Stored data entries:
☆ ☆ ☆ ☆

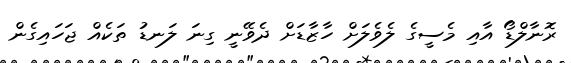
ރޮނާލްޑޯ އާއި މެސީގެ ލެވެލަށް ހާޒާޑަށް ދެވޭނީ ގިނަ ލަނޑު ތަކެއް ޖަހައިގެން
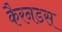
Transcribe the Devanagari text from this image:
कैरनडस
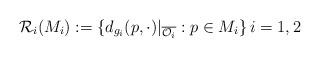
LaTeX: \begin{align*} \mathcal R_i(M_i):=\{d_{g_i}(p,\cdot)|_{\overline{\mathcal O_i}}:p\in M_i\}\,i=1,2\end{align*}
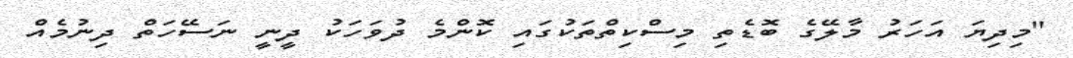
"މިދިޔަ އަހަރު މާލޭގެ ބޮޑެތި މިސްކިތްތަކުގައި ކޮންމެ ދުވަހަކު ދީނީ ނަސޭހަތް ދިނުމެއް
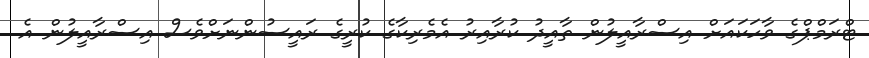
ޓްރަމްޕްގެ ވާހަކައަށް އިސްރާއީލުން ތާއީދު ކުރާއިރު އެމެރިކާގެ ކުރީގެ ރައީސުންނަށްވެސް އިސްރާއީލުން އެ
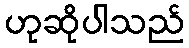
ဟုဆိုပါသည်
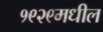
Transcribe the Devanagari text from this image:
१९२९मधील
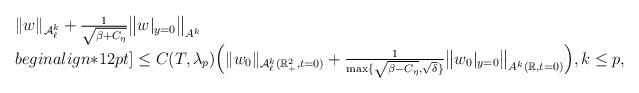
LaTeX: \begin{align*}\begin{array}{ll}\|w\|_{\mathcal{A}_{\ell}^{k}} + \frac{1}{\sqrt{\beta + C_{\eta}}}\big\|w|_{y=0}\big\|_{A^{k}} \\begin{align*}12pt]\leq C(T,\lambda_p)\Big(\|w_0\|_{\mathcal{A}_{\ell}^{k}(\mathbb{R}_{+}^2,t=0)}+ \frac{1}{\max\{\sqrt{\beta -C_{\eta}},\sqrt{\delta}\}} \big\|w_0|_{y=0} \big\|_{A^k(\mathbb{R},t=0)} \Big),k\leq p,\end{array}\end{align*}
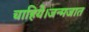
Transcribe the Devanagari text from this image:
चाहिये।जन्मजात
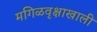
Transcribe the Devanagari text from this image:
मगिळवृक्षाखाली
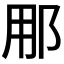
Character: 𮟳
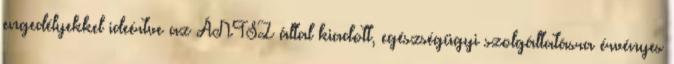
engedélyekkel ideértve az ÁNTSZ által kiadott, egészségügyi szolgáltatásra érvényes
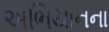
અભિયાનના
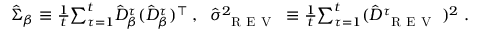
\begin{array} { r } { \hat { \Sigma } _ { \beta } \equiv \frac { 1 } { t } { \sum _ { \tau = 1 } ^ { t } } \hat { D } _ { \beta } ^ { \tau } ( \hat { D } _ { \beta } ^ { \tau } ) ^ { \top } \; , \; \; \hat { \sigma } _ { \small \textsc { { R E V } } } ^ { 2 } \equiv \frac { 1 } { t } { \sum _ { \tau = 1 } ^ { t } } ( \hat { D } _ { \small \textsc { { R E V } } } ^ { \tau } ) ^ { 2 } \; . } \end{array}
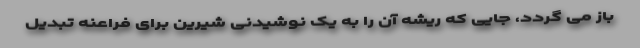
باز می گردد، جایی که ریشه آن را به یک نوشیدنی شیرین برای فراعنه تبدیل
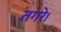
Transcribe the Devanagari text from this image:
तगरे।
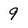
Character: 9
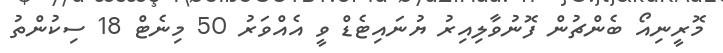
މޮރީނިއޯ ބެންޗުން ފޮނުވާލިއިރު ޔުނައިޓެޑް ވީ އެއްވަރު 50 މިނެޓް 18 ސިކުންތު
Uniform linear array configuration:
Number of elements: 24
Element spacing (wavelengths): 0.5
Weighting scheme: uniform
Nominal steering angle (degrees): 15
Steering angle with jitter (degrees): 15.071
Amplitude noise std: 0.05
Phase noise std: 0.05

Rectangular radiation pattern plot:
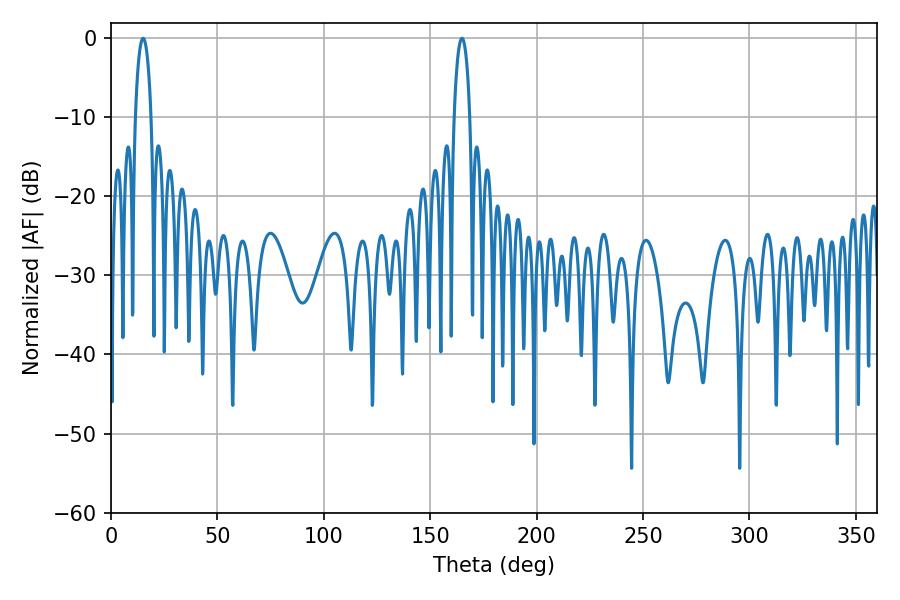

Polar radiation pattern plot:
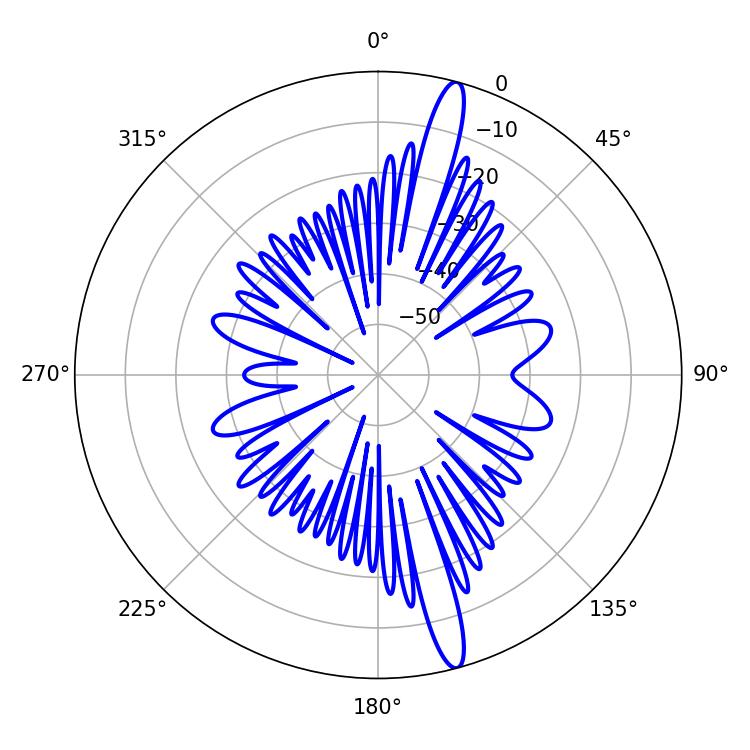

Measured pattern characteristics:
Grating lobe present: FALSE
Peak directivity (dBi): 16.499
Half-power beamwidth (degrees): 4.32
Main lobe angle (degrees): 15.12
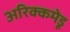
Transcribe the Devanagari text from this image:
अरिक्कमेडू
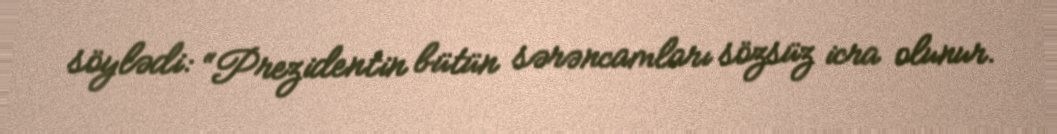
söylədi: “Prezidentin bütün sərəncamları sözsüz icra olunur.
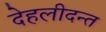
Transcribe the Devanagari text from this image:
देहलीदन्त
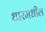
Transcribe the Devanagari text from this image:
धारमधील
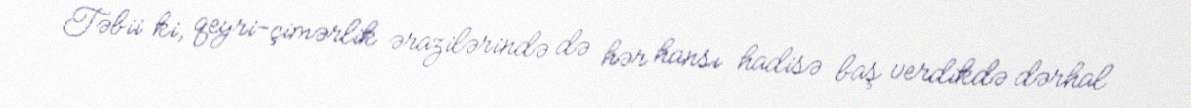
Təbii ki, qeyri-çimərlik ərazilərində də hər hansı hadisə baş verdikdə dərhal
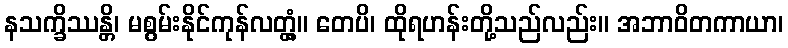
နသက္ခိဿန္တိ၊ မစွမ်းနိုင်ကုန်လတ္တံ့။ တေပိ၊ ထိုရဟန်းတို့သည်လည်း။ အဘာဝိတကာယာ၊
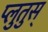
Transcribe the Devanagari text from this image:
प्लुतुस्
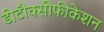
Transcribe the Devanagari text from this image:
डीटौक्सीफीकेशन
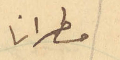
مطرانًا
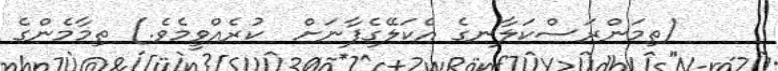
(ތިމަންރަސްކަލާނގެ އެކަލޭގެފާނަށް  ކުރެއްވީމެވެ.) ތިމާމެންގެ
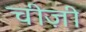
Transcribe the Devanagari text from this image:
चीज़ी
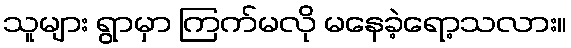
သူများ ရွာမှာ ကြက်မလို မနေခဲ့ရော့သလား။
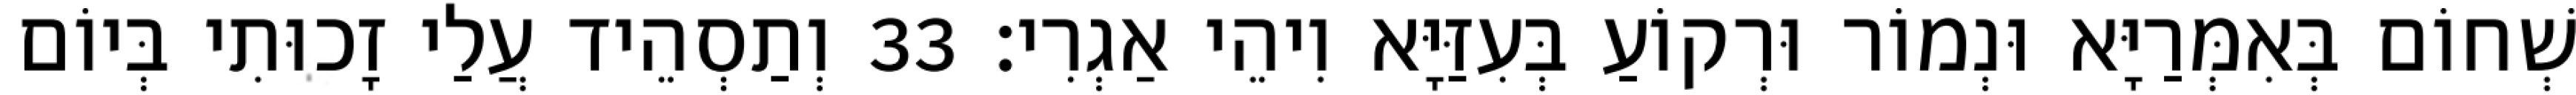
שְׁחוֹם בְּאִמְּרַיָּא וּנְמוֹר וּרְקוֹעַ בְּעִזַּיָּא וִיהֵי אַגְרִי׃ 33 וְתַסְהֵיד עֲלַי זָכוּתִי בְּיוֹם
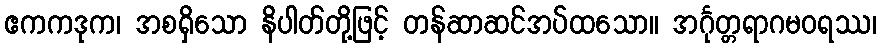
ဧကကဒုက၊ အစရှိသော နိပါတ်တို့ဖြင့် တန်ဆာဆင်အပ်ထသော။ အင်္ဂုတ္တရာဂမဝရဿ၊
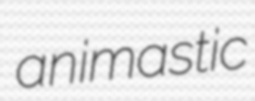
animastic
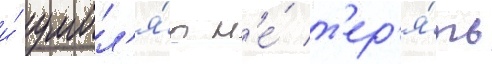
и́ умол'я́ю н'е́ т'ер'я́ть
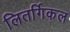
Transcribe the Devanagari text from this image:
लितर्गिकल
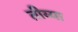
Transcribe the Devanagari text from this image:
तीय्या
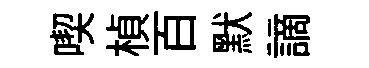
喫楨百默謫
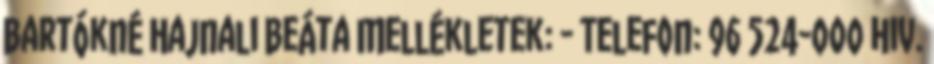
Bartókné Hajnali Beáta Mellékletek: - Telefon: 96 524-000 Hiv.
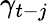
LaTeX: \gamma_{t-j}
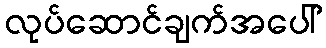
လုပ်ဆောင်ချက်အပေါ်
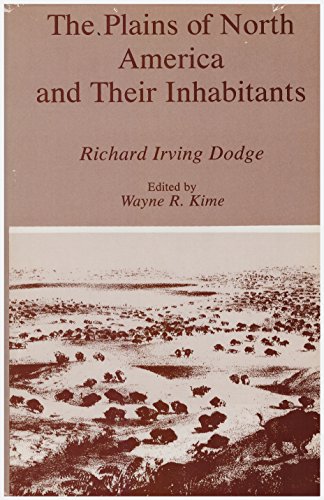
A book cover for The Plains of North America and Their Inhabitants; Richard Irving Dodge; Travel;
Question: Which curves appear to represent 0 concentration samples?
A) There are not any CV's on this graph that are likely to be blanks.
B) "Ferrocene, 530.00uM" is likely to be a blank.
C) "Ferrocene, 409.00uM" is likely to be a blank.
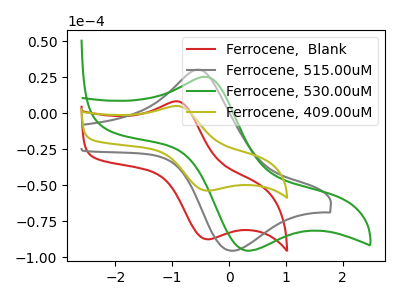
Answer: <think>The red curve "Ferrocene,  Blank" has an anodic peak at (-0.90V, 8.25uA) and a cathodic peak at (-0.35V, -87.45uA). The gray curve "Ferrocene, 515.00uM" has an anodic peak at (-0.50V, 30.15uA) and a cathodic peak at (0.05V, -95.45uA). The green curve "Ferrocene, 530.00uM" has an anodic peak at (-0.40V, 25.45uA) and a cathodic peak at (0.30V, -95.30uA). The olive curve "Ferrocene, 409.00uM" has an anodic peak at (-0.90V, 5.05uA) and a cathodic peak at (-0.35V, -53.70uA).</think>
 <answer>A) There are not any CV's on this graph that are likely to be blanks.</answer>
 <eval>A</eval>
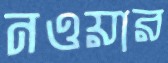
নওয়ার
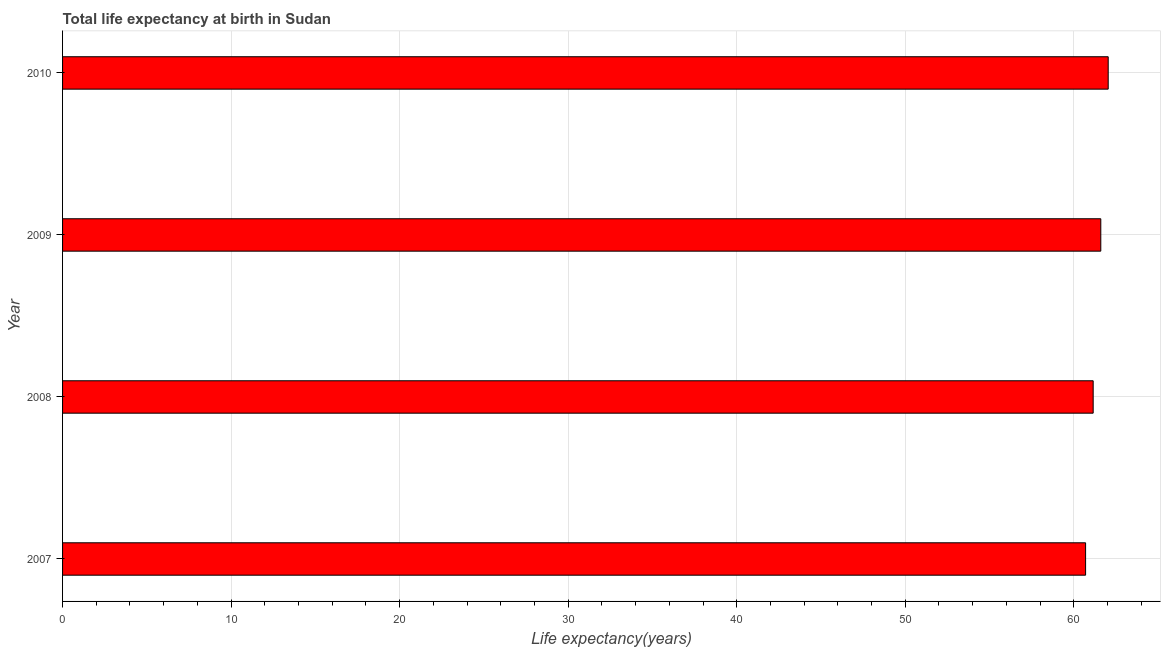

☆ ☆ ☆ ☆

*Problem to work on:* If a line holds the string "noise", it counts; please state how many such lines there are in the data, with nothing more.

*Reply:* 2